▶ Exercise aim
Find the lines of the listing that contain the string "runway", and return them.

***

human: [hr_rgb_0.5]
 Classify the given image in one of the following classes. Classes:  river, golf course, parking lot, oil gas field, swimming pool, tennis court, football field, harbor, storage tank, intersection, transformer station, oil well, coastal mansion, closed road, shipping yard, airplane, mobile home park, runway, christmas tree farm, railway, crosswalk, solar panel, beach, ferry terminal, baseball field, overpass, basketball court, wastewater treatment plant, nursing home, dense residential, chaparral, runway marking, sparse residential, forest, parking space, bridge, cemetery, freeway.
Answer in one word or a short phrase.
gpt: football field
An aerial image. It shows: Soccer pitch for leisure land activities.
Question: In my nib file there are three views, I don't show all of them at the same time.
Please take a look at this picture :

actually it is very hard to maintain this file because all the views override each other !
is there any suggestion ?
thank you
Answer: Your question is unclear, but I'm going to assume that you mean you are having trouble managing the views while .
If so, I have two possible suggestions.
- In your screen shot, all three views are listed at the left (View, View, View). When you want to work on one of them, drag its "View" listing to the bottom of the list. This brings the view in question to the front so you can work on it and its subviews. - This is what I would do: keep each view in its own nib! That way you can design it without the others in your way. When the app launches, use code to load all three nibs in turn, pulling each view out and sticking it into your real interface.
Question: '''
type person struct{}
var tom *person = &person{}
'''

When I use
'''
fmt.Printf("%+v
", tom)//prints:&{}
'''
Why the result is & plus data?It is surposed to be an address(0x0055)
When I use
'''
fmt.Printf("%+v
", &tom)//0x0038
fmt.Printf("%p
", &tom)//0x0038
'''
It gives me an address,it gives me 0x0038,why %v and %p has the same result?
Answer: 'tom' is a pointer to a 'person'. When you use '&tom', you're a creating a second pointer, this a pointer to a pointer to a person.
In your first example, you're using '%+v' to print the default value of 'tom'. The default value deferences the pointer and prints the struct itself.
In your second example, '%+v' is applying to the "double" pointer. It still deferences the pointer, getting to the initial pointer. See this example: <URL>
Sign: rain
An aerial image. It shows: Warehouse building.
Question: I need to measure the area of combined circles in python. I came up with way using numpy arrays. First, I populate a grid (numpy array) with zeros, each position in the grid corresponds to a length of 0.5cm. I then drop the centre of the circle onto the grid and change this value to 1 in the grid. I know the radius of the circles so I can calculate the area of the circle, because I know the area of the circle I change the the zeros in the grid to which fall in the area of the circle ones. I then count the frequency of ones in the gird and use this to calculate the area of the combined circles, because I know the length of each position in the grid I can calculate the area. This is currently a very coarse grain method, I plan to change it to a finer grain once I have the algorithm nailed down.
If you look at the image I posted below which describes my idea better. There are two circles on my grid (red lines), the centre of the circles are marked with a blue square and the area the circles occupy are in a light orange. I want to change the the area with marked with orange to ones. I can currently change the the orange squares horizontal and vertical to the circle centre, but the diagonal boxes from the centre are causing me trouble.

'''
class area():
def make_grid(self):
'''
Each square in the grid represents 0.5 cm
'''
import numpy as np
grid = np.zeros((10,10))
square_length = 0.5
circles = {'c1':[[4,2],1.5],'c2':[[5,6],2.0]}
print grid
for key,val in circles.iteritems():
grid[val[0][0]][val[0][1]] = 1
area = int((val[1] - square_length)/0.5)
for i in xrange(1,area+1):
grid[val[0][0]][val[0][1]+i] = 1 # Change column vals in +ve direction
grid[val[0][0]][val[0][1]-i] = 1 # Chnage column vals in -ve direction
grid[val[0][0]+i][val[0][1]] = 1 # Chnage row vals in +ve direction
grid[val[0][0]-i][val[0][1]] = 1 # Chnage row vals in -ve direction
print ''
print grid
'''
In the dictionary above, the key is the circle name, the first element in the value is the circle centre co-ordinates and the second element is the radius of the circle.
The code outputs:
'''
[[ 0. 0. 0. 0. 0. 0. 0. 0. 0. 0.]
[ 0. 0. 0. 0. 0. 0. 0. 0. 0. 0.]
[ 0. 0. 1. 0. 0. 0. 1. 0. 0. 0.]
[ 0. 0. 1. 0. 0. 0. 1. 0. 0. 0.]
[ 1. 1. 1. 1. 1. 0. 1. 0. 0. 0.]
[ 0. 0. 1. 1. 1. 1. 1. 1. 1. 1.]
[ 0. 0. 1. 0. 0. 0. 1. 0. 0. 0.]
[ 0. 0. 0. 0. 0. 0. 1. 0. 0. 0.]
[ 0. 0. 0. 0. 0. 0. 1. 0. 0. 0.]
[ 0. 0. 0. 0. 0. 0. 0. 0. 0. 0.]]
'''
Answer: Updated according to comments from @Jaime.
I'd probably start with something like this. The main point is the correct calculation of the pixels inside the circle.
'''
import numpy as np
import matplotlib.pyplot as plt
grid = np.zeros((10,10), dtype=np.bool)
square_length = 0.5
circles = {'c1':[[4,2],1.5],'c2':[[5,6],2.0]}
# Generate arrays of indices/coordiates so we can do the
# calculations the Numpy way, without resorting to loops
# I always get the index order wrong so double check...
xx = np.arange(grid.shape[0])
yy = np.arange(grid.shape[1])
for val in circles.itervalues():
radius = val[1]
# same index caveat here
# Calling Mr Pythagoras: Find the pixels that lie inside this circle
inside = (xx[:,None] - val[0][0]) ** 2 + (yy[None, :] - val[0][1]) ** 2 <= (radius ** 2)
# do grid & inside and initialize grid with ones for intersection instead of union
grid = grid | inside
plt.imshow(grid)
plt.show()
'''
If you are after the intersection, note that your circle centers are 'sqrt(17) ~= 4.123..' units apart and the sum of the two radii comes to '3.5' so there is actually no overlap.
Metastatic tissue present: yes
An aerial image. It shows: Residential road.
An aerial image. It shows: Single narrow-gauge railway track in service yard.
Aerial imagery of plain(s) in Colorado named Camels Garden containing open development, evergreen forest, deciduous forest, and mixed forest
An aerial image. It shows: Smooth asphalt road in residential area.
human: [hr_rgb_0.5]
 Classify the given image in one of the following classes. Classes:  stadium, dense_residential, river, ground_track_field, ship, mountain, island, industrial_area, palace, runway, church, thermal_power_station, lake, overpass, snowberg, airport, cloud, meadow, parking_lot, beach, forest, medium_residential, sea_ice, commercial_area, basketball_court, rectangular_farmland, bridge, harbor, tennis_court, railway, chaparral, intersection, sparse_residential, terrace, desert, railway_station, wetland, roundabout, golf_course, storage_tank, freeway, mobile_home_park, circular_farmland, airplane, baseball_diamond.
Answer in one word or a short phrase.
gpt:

***

▶ Result below
 Classify the given image in one of the following classes. Classes:  river, golf course, parking lot, oil gas field, swimming pool, tennis court, football field, harbor, storage tank, intersection, transformer station, oil well, coastal mansion, closed road, shipping yard, airplane, mobile home park, runway, christmas tree farm, railway, crosswalk, solar panel, beach, ferry terminal, baseball field, overpass, basketball court, wastewater treatment plant, nursing home, dense residential, chaparral, runway marking, sparse residential, forest, parking space, bridge, cemetery, freeway.
 Classify the given image in one of the following classes. Classes:  stadium, dense_residential, river, ground_track_field, ship, mountain, island, industrial_area, palace, runway, church, thermal_power_station, lake, overpass, snowberg, airport, cloud, meadow, parking_lot, beach, forest, medium_residential, sea_ice, commercial_area, basketball_court, rectangular_farmland, bridge, harbor, tennis_court, railway, chaparral, intersection, sparse_residential, terrace, desert, railway_station, wetland, roundabout, golf_course, storage_tank, freeway, mobile_home_park, circular_farmland, airplane, baseball_diamond.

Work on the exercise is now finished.